Good story. It also compresses two very different events into one line. Pull them apart and the story gets more accurate, and more useful.
The thread that carried the story (Charles Guillemet, @P3b7_, 15 Jun 2026).
2. What Trail of Bits actually did
The part that grabbed headlines is that Trail of Bits “beat” Google’s proof. It was not a quantum result. They found memory-safety and logic bugs in Google’s Rust prover code and the SP1 zkVM guest. Then they forged a proof reporting better numbers than Google’s, including zero Toffoli gates. The exploit never touched a quantum circuit. It rode on an access_unchecked deserialization and a register-aliasing bug. Google patched the prover and published v2 of the paper; the scientific claims remain unaffected.

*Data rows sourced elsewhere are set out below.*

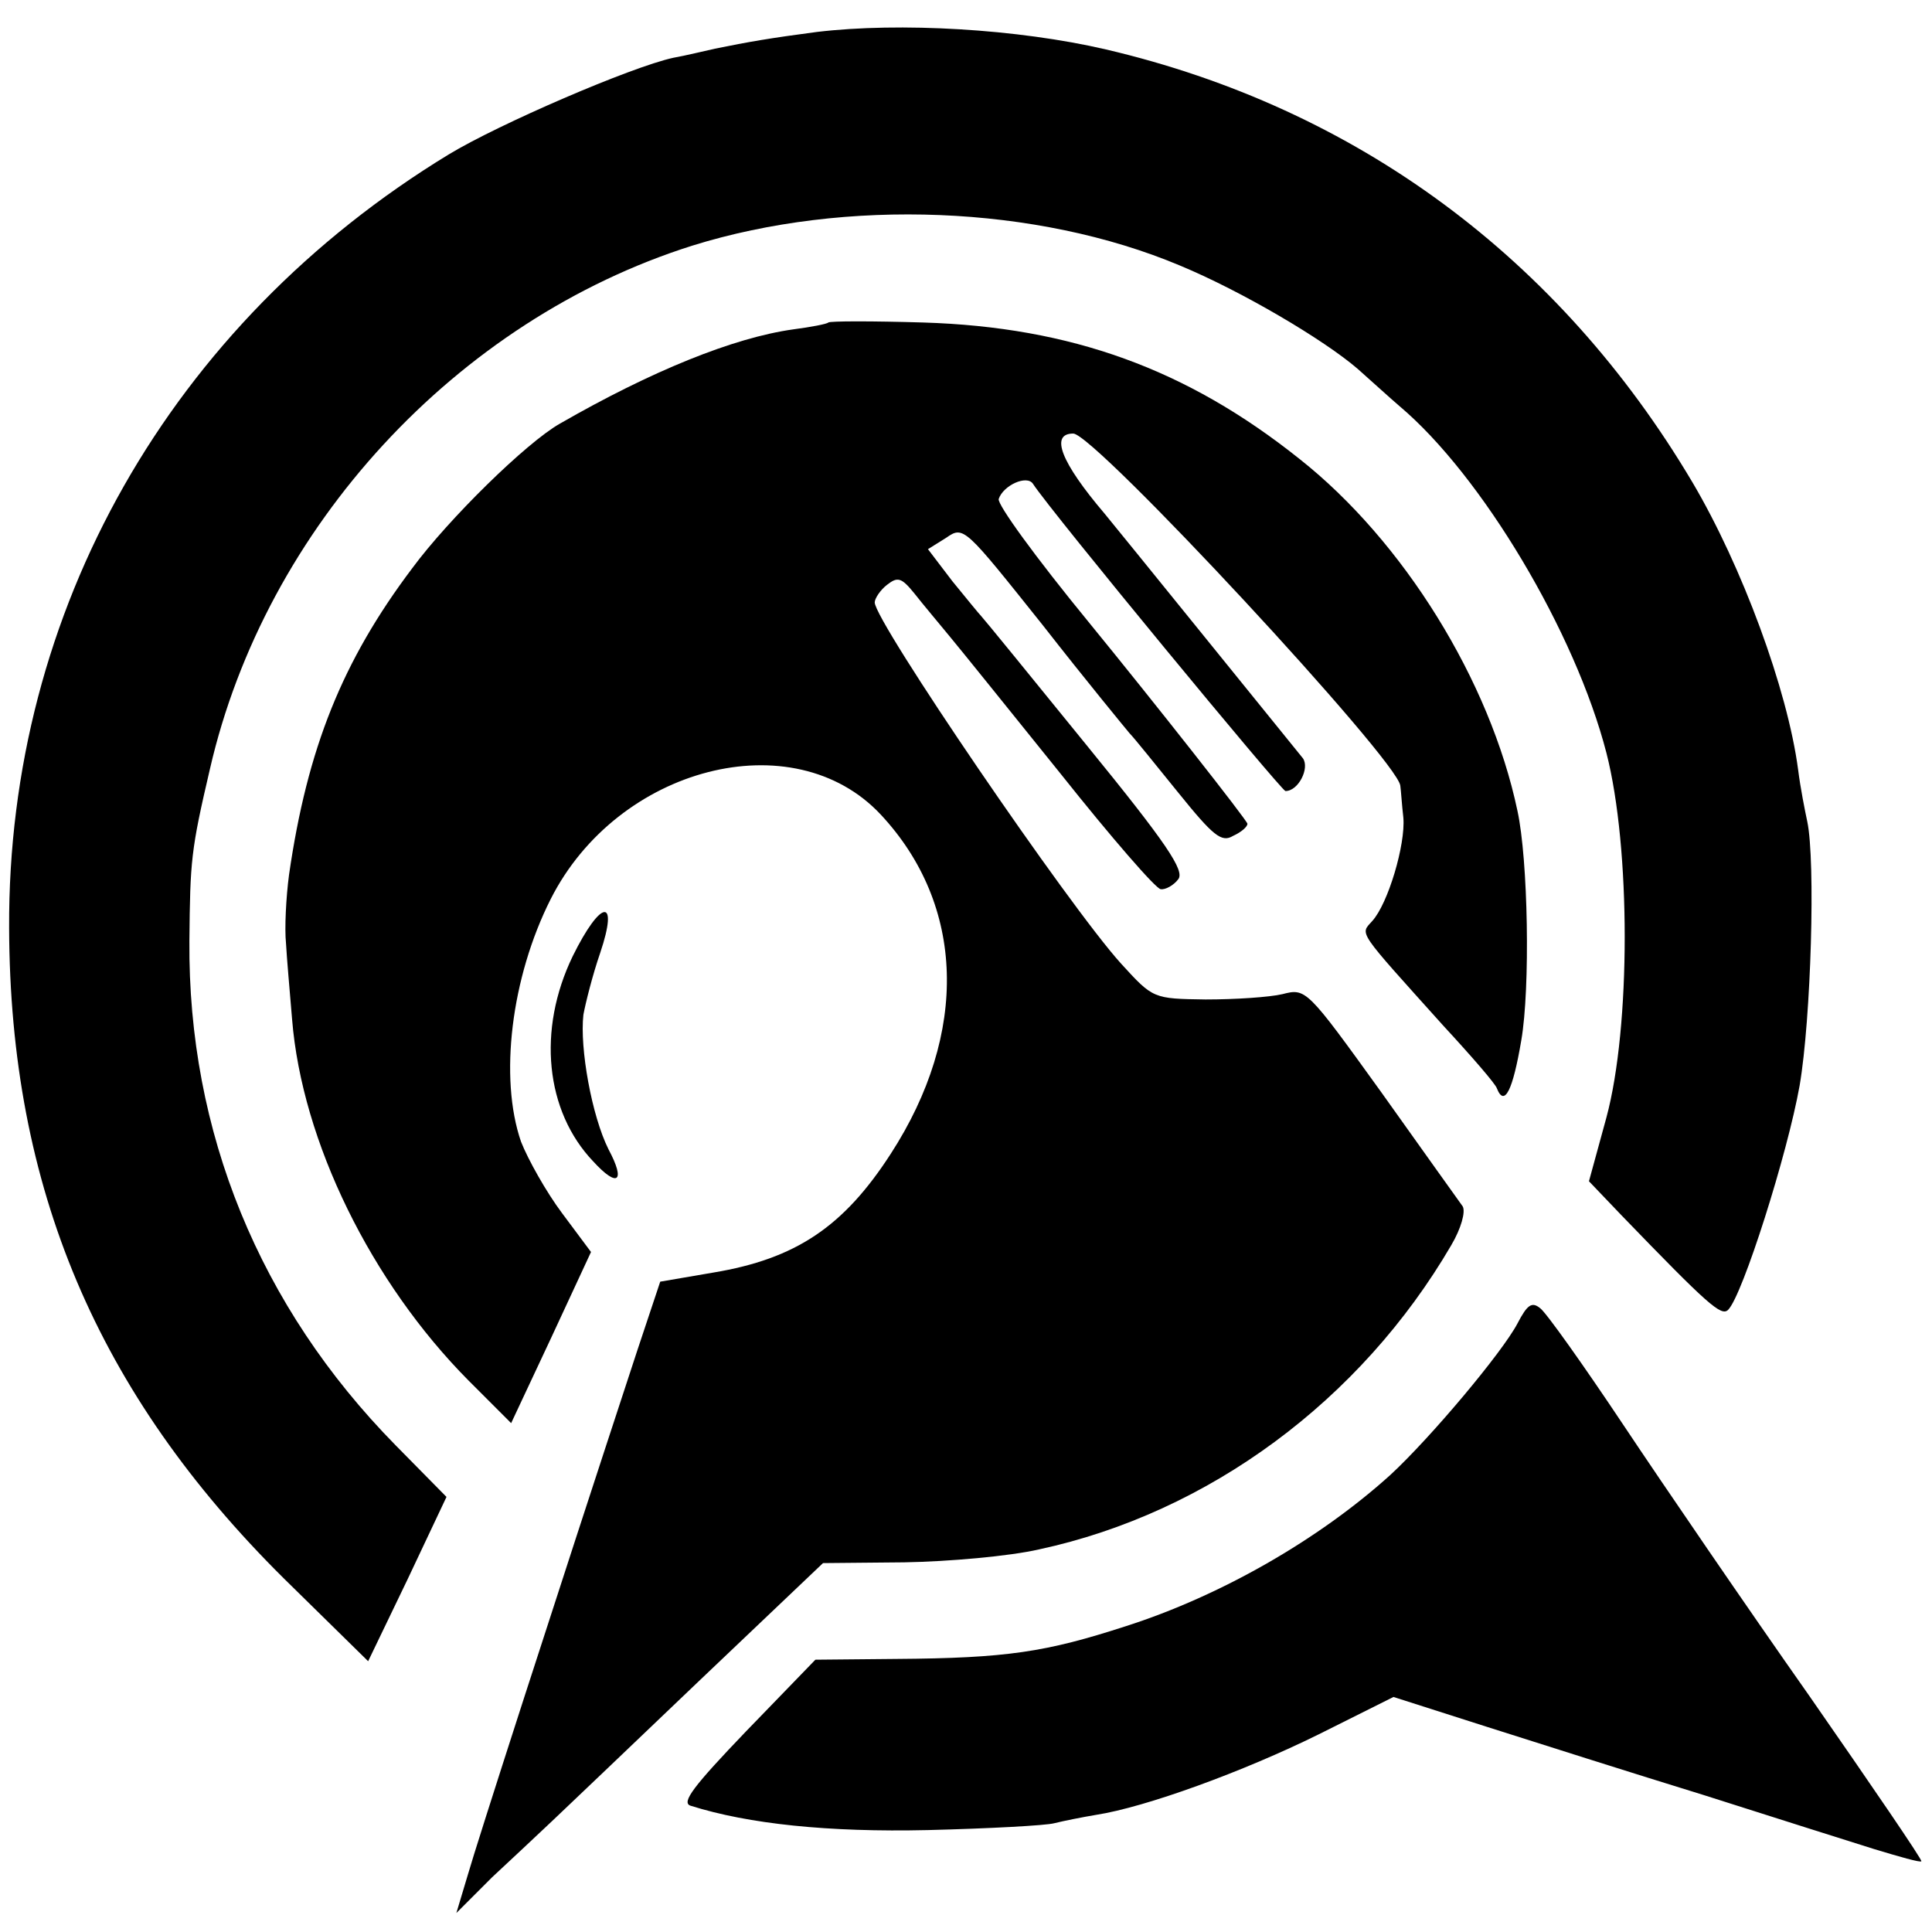 <?xml version="1.0" standalone="no"?>
<!DOCTYPE svg PUBLIC "-//W3C//DTD SVG 20010904//EN"
 "http://www.w3.org/TR/2001/REC-SVG-20010904/DTD/svg10.dtd">
<svg version="1.0" xmlns="http://www.w3.org/2000/svg"
 width="254pt" height="254pt" viewBox="0 0 254 254"
 preserveAspectRatio="xMidYMid meet">
<g transform="translate(0,254) scale(0.1,-0.1)"
fill="#000000" stroke="none">
<path d="M1074 2498 c-61 -8 -90 -13 -134 -22 -14 -3 -38 -9 -55 -12 -55 -12
-229 -87 -295 -127 -366 -223 -580 -600 -578 -1017 1 -342 116 -612 361 -855
l111 -109 52 108 51 108 -67 68 c-179 182 -273 412 -271 663 1 106 2 119 27
226 73 318 324 590 634 688 202 63 453 53 641 -26 82 -34 190 -98 234 -136 17
-15 41 -37 55 -49 108 -91 231 -297 272 -456 32 -125 32 -360 0 -479 l-23 -84
43 -45 c114 -118 131 -133 140 -124 19 19 78 205 94 295 15 88 21 295 10 347
-3 14 -9 44 -12 68 -14 106 -74 268 -139 378 -175 295 -442 492 -771 569 -116
27 -271 36 -380 23z"/>
<path d="M1089 2116 c-2 -2 -23 -6 -46 -9 -79 -11 -187 -55 -307 -124 -44 -25
-146 -125 -194 -190 -92 -122 -138 -237 -162 -403 -4 -30 -6 -71 -4 -90 1 -19
5 -64 8 -100 13 -161 104 -346 232 -475 l56 -56 53 113 52 112 -38 51 c-21 28
-45 71 -54 94 -29 84 -13 216 39 319 88 174 319 234 434 111 111 -119 116
-287 13 -446 -62 -96 -125 -138 -233 -156 l-70 -12 -30 -90 c-113 -344 -211
-648 -223 -690 l-15 -50 47 47 c27 25 62 58 79 74 17 16 104 99 193 184 l163
155 107 1 c58 1 138 8 177 17 223 48 423 196 542 400 13 22 19 44 15 51 -5 7
-53 74 -107 150 -98 136 -99 137 -130 129 -17 -4 -62 -7 -101 -7 -69 1 -69 1
-111 47 -69 76 -324 450 -324 475 0 5 7 16 16 23 14 11 19 10 36 -11 11 -14
32 -39 46 -56 15 -18 81 -100 147 -182 66 -83 125 -151 131 -151 6 -1 17 5 23
13 9 11 -15 47 -121 177 -73 90 -135 166 -138 169 -3 3 -20 24 -38 46 l-32 42
24 15 c23 16 24 14 127 -115 57 -73 109 -136 114 -142 6 -6 34 -41 64 -78 46
-57 57 -66 72 -57 11 5 19 12 19 16 0 4 -122 159 -207 263 -73 89 -122 157
-120 164 6 18 37 32 45 20 24 -37 327 -404 332 -404 17 0 32 30 23 43 -26 32
-246 304 -261 322 -57 67 -72 105 -41 105 28 0 427 -430 430 -463 1 -7 2 -25
4 -42 3 -35 -20 -113 -41 -136 -16 -18 -21 -10 94 -138 37 -40 69 -77 70 -82
10 -25 21 -2 32 63 12 69 9 238 -5 302 -36 171 -150 355 -287 463 -148 118
-300 173 -494 179 -66 2 -123 2 -125 0z"/>
<path d="M753 1283 c-47 -97 -36 -204 27 -270 32 -35 43 -27 20 16 -22 44 -38
133 -33 177 3 16 12 52 22 81 25 74 1 71 -36 -4z"/>
<path d="M1995 800 c-20 -38 -114 -150 -167 -199 -94 -85 -223 -159 -348 -199
-105 -34 -156 -42 -302 -43 l-106 -1 -91 -94 c-69 -72 -86 -94 -73 -98 76 -24
181 -35 312 -32 80 2 155 6 166 9 12 3 37 8 55 11 65 10 194 57 293 106 l98
49 122 -39 c66 -21 195 -62 286 -90 91 -29 192 -61 224 -71 33 -10 61 -18 62
-16 2 1 -65 99 -147 217 -83 118 -193 279 -245 357 -52 78 -101 147 -109 153
-11 9 -17 5 -30 -20z"/>
</g>
</svg>

The lesson is the one Trail of Bits draws. A ZKP does not remove trust, it relocates it. You stop trusting “do the experts believe this” and start trusting the prover’s implementation, its compiler, and its proof system. That is an application-security surface, not a math guarantee.
3. What the community rebuilt from prior work
In parallel, and this is the genuinely impressive part, independent researchers reconstructed the actual optimization from public literature within days. AndrĂ© Schrottenloher’s point-addition paper leans on a space-efficient modular-inversion preprint by Luo et al. Both lean on results that are decades old: Proos-Zalka register sharing from 2003 and Kaliski’s inversion method. The “secret” circuit turned out to be reconstructible from prior art. A Shor-at-home style challenge then kept shaving the circuit down. Schrottenloher’s grounded numbers (roughly 6.5 to 10 percent fewer Toffoli gates with about 1.5 percent more qubits for secp256k1) are far more modest than the headline percentages. Those percentages mix the forged proof with real cryptanalysis and move depending on the metric. Treat the exact figures as informal.
ecdsa.fail, the Shor-at-home challenge tracking community circuits against the community. Live figure.
Where this leaves us
Nothing here changes the original conclusions. It sharpens them. None of this breaks TLS this year. You still need a cryptographically relevant quantum computer with a large qubit count, and it does not exist yet. What the episode confirms is the same thing the first post argued. The resource estimates keep falling, and now we also know they are easy to reproduce and hard to keep secret. The asymmetric clock is the one that is ticking. Prioritize ML-KEM for key exchange. Put ML-DSA and your HSM roadmap on the plan. Keep Harvest Now, Decrypt Later in your residual-risk model. Plan to the trend, not to this week’s number. As covered in the update to the original post, leave your symmetric ciphers alone: AES-128 is not where the risk lives.
References
- Original post: We Said Wait. The Wait Is Over.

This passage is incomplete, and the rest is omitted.